▶ [Information shown]:
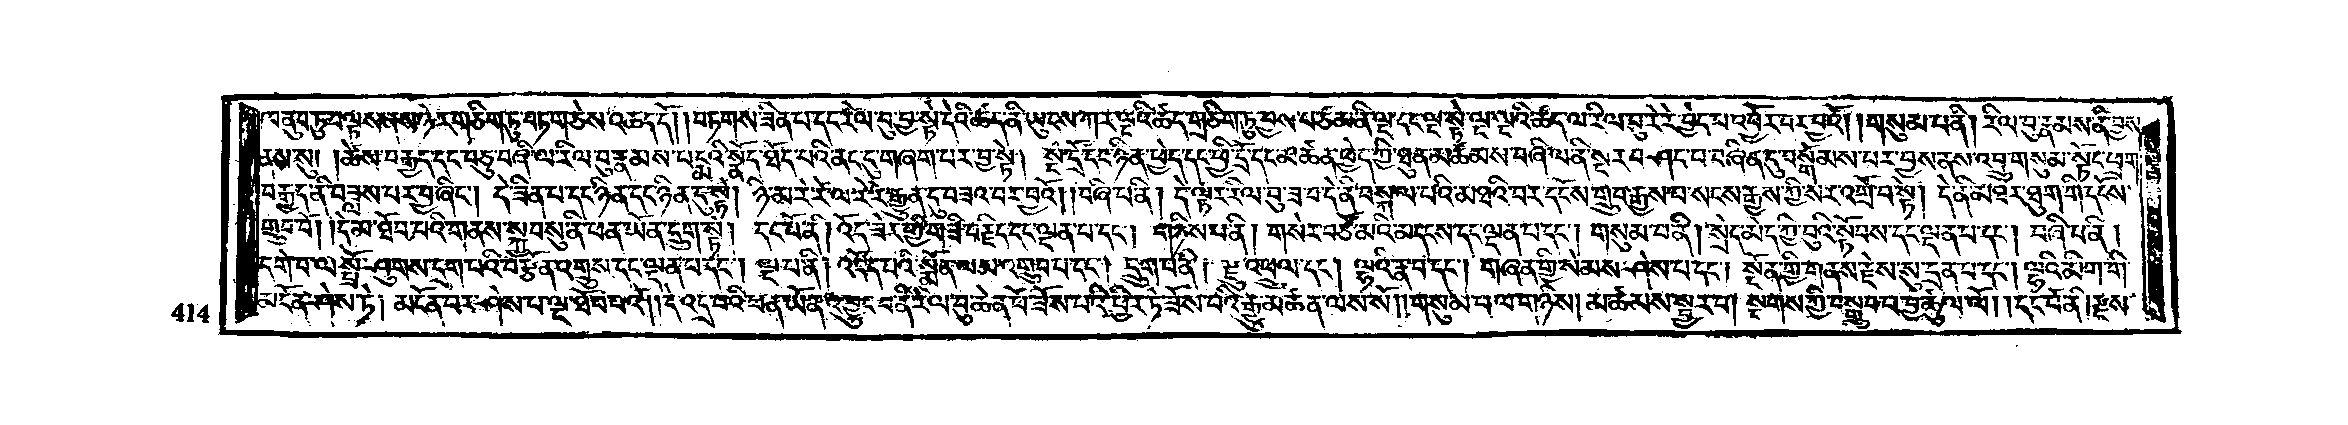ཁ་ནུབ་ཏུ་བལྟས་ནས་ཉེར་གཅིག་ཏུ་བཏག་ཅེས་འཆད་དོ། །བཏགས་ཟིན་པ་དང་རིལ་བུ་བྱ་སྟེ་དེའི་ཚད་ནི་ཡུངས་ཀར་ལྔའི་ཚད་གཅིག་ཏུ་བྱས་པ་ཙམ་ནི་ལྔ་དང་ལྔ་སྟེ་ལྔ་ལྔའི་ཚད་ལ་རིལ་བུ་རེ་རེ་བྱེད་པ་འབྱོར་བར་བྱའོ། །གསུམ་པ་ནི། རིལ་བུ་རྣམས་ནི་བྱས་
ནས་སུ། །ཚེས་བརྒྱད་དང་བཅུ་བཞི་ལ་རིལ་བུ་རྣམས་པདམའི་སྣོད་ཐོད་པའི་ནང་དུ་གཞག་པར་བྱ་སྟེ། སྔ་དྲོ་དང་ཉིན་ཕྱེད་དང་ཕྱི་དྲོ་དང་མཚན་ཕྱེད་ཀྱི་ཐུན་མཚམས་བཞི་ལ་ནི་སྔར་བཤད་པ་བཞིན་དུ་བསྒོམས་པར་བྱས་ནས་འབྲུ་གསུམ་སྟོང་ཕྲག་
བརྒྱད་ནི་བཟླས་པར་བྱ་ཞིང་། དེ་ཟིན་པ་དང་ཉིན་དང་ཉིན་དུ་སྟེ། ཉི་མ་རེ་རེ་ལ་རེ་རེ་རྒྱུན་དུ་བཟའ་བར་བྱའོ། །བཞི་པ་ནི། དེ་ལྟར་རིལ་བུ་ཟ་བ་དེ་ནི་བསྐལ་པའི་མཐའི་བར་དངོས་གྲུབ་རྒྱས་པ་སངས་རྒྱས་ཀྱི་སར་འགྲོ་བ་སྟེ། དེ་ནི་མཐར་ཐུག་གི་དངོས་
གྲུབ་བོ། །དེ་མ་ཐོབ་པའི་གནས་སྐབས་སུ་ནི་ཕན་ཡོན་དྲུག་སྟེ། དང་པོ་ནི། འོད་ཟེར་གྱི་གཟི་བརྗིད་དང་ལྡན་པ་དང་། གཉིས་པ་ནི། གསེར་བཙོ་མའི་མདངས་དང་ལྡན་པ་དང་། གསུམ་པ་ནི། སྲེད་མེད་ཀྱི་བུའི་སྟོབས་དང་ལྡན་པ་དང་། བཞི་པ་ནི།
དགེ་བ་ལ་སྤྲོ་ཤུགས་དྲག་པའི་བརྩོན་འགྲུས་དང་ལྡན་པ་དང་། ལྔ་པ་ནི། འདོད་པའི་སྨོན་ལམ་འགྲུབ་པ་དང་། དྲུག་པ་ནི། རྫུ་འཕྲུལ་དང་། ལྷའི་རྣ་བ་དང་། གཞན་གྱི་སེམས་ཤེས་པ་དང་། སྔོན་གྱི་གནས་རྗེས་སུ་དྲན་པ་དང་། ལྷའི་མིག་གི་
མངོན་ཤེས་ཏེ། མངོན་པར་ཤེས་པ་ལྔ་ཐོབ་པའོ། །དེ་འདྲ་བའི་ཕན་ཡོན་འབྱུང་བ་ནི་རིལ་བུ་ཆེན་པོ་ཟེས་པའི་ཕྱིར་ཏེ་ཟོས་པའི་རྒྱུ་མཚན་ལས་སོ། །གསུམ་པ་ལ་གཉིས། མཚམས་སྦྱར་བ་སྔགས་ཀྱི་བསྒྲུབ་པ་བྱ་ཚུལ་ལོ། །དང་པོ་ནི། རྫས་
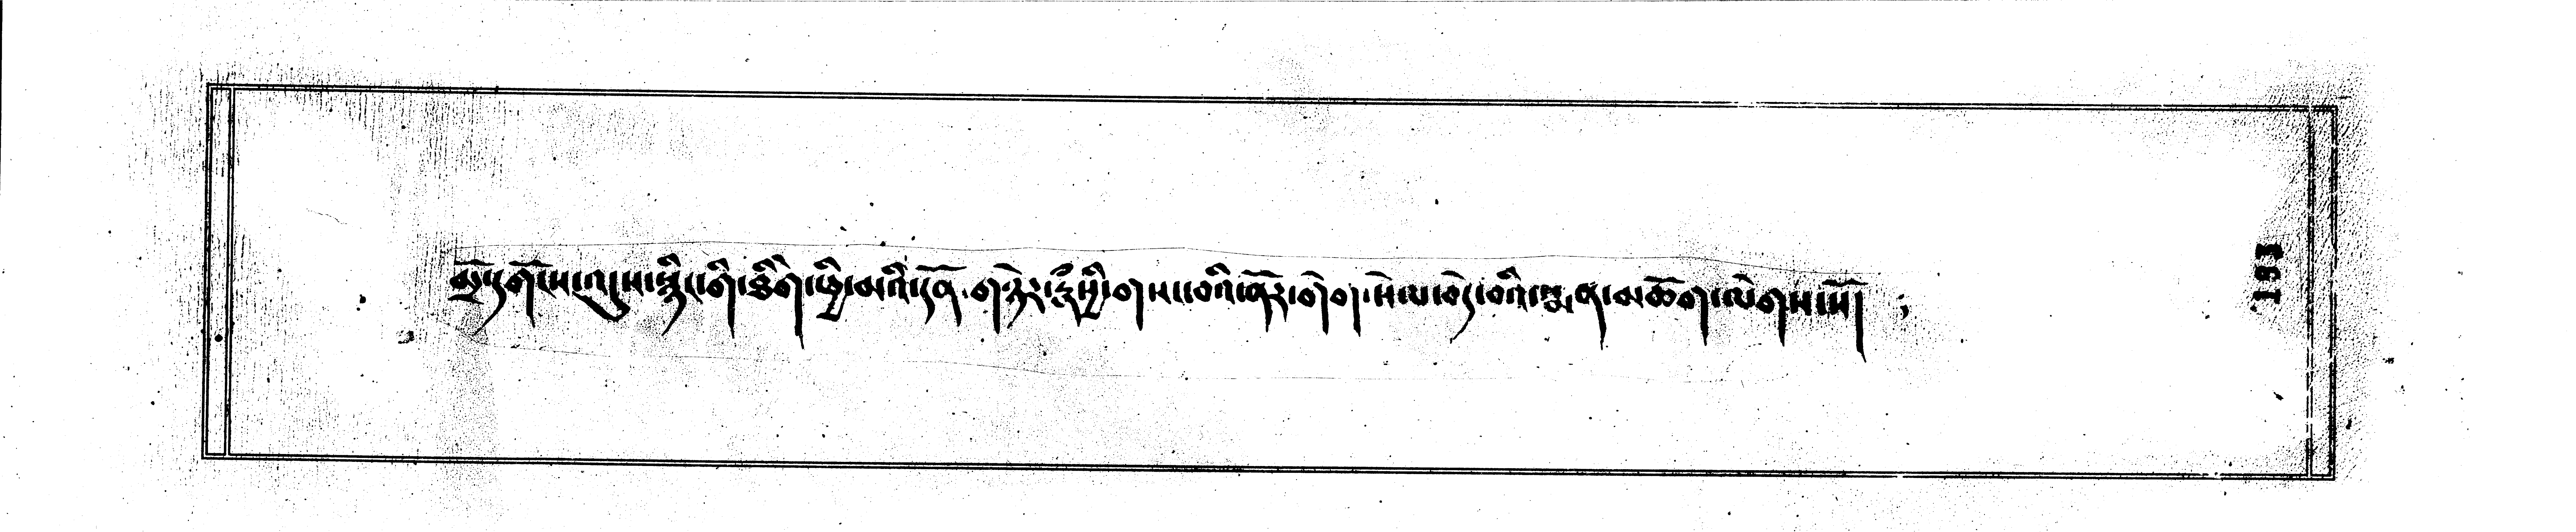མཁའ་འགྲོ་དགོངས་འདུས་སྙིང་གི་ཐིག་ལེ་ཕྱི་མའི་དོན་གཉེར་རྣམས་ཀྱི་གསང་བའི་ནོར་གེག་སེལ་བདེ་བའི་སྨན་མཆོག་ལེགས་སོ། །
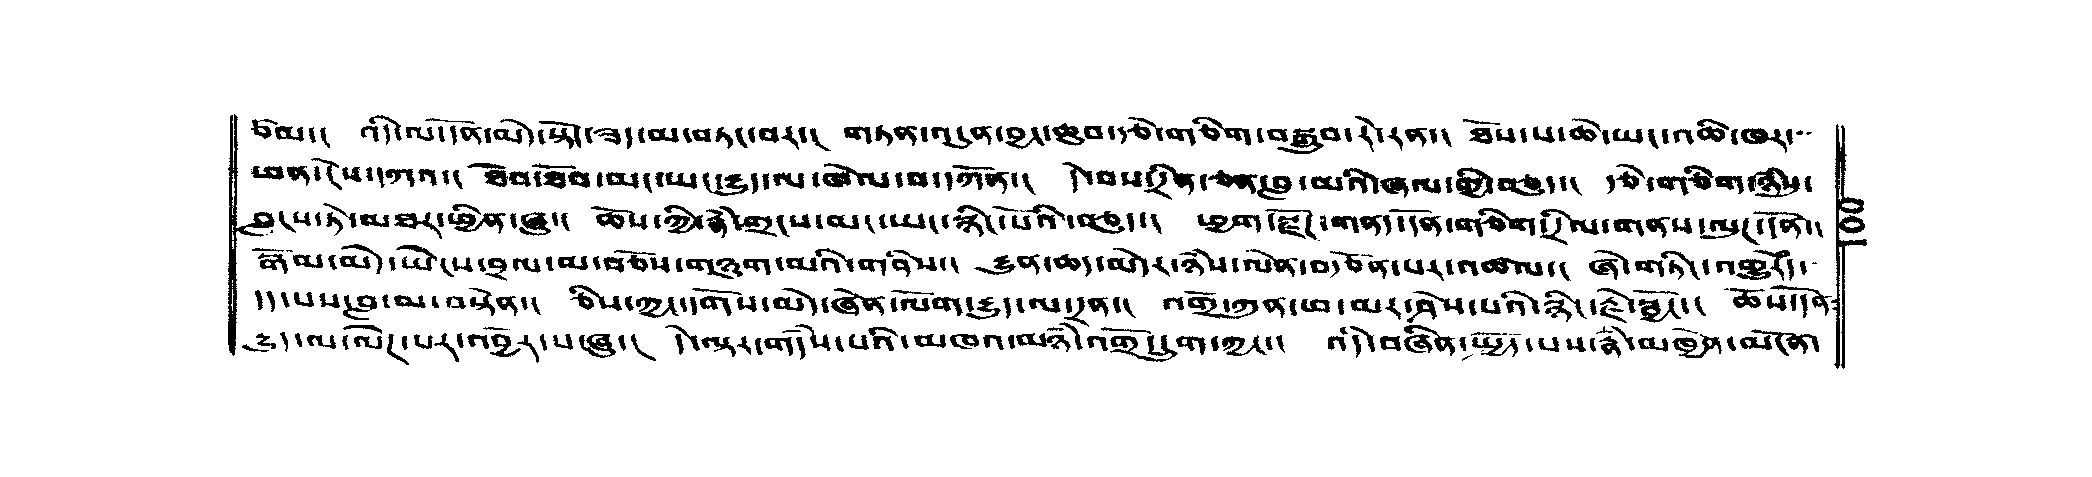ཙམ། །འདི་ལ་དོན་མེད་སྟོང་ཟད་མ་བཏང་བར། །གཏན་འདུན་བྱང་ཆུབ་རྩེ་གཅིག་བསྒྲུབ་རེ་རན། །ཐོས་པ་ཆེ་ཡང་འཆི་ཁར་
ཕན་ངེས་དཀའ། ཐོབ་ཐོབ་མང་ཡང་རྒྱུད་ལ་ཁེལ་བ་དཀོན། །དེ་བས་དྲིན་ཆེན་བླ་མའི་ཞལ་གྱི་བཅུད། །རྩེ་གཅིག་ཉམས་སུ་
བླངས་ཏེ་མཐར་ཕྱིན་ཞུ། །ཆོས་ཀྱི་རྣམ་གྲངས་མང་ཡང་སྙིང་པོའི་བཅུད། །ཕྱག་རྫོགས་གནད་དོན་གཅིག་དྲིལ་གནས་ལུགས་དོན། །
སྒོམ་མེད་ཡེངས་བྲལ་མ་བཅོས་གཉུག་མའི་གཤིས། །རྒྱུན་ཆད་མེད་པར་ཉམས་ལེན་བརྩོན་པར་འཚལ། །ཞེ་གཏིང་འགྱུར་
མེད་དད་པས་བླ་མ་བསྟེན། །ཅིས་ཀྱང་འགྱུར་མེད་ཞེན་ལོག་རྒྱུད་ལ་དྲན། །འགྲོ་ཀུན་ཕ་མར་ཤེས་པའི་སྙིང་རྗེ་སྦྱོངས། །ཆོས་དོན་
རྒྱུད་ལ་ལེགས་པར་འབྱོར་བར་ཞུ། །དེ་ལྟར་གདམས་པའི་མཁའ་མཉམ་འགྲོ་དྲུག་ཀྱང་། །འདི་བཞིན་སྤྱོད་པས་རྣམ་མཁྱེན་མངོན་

▶ [Task to carry out]: An exact copy is required of the lines from the start of the records above through the line with "ལྔ་པ་ནི། འདོད་པའི་སྨོན་ལམ་འགྲུབ་པ་དང་། དྲུག་པ་ནི།", and only those, without any pictures.

▶ [Answer for this exercise]:
ཁ་ནུབ་ཏུ་བལྟས་ནས་ཉེར་གཅིག་ཏུ་བཏག་ཅེས་འཆད་དོ། །བཏགས་ཟིན་པ་དང་རིལ་བུ་བྱ་སྟེ་དེའི་ཚད་ནི་ཡུངས་ཀར་ལྔའི་ཚད་གཅིག་ཏུ་བྱས་པ་ཙམ་ནི་ལྔ་དང་ལྔ་སྟེ་ལྔ་ལྔའི་ཚད་ལ་རིལ་བུ་རེ་རེ་བྱེད་པ་འབྱོར་བར་བྱའོ། །གསུམ་པ་ནི། རིལ་བུ་རྣམས་ནི་བྱས་
ནས་སུ། །ཚེས་བརྒྱད་དང་བཅུ་བཞི་ལ་རིལ་བུ་རྣམས་པདམའི་སྣོད་ཐོད་པའི་ནང་དུ་གཞག་པར་བྱ་སྟེ། སྔ་དྲོ་དང་ཉིན་ཕྱེད་དང་ཕྱི་དྲོ་དང་མཚན་ཕྱེད་ཀྱི་ཐུན་མཚམས་བཞི་ལ་ནི་སྔར་བཤད་པ་བཞིན་དུ་བསྒོམས་པར་བྱས་ནས་འབྲུ་གསུམ་སྟོང་ཕྲག་
བརྒྱད་ནི་བཟླས་པར་བྱ་ཞིང་། དེ་ཟིན་པ་དང་ཉིན་དང་ཉིན་དུ་སྟེ། ཉི་མ་རེ་རེ་ལ་རེ་རེ་རྒྱུན་དུ་བཟའ་བར་བྱའོ། །བཞི་པ་ནི། དེ་ལྟར་རིལ་བུ་ཟ་བ་དེ་ནི་བསྐལ་པའི་མཐའི་བར་དངོས་གྲུབ་རྒྱས་པ་སངས་རྒྱས་ཀྱི་སར་འགྲོ་བ་སྟེ། དེ་ནི་མཐར་ཐུག་གི་དངོས་
གྲུབ་བོ། །དེ་མ་ཐོབ་པའི་གནས་སྐབས་སུ་ནི་ཕན་ཡོན་དྲུག་སྟེ། དང་པོ་ནི། འོད་ཟེར་གྱི་གཟི་བརྗིད་དང་ལྡན་པ་དང་། གཉིས་པ་ནི། གསེར་བཙོ་མའི་མདངས་དང་ལྡན་པ་དང་། གསུམ་པ་ནི། སྲེད་མེད་ཀྱི་བུའི་སྟོབས་དང་ལྡན་པ་དང་། བཞི་པ་ནི།
དགེ་བ་ལ་སྤྲོ་ཤུགས་དྲག་པའི་བརྩོན་འགྲུས་དང་ལྡན་པ་དང་། ལྔ་པ་ནི། འདོད་པའི་སྨོན་ལམ་འགྲུབ་པ་དང་། དྲུག་པ་ནི། རྫུ་འཕྲུལ་དང་། ལྷའི་རྣ་བ་དང་། གཞན་གྱི་སེམས་ཤེས་པ་དང་། སྔོན་གྱི་གནས་རྗེས་སུ་དྲན་པ་དང་། ལྷའི་མིག་གི་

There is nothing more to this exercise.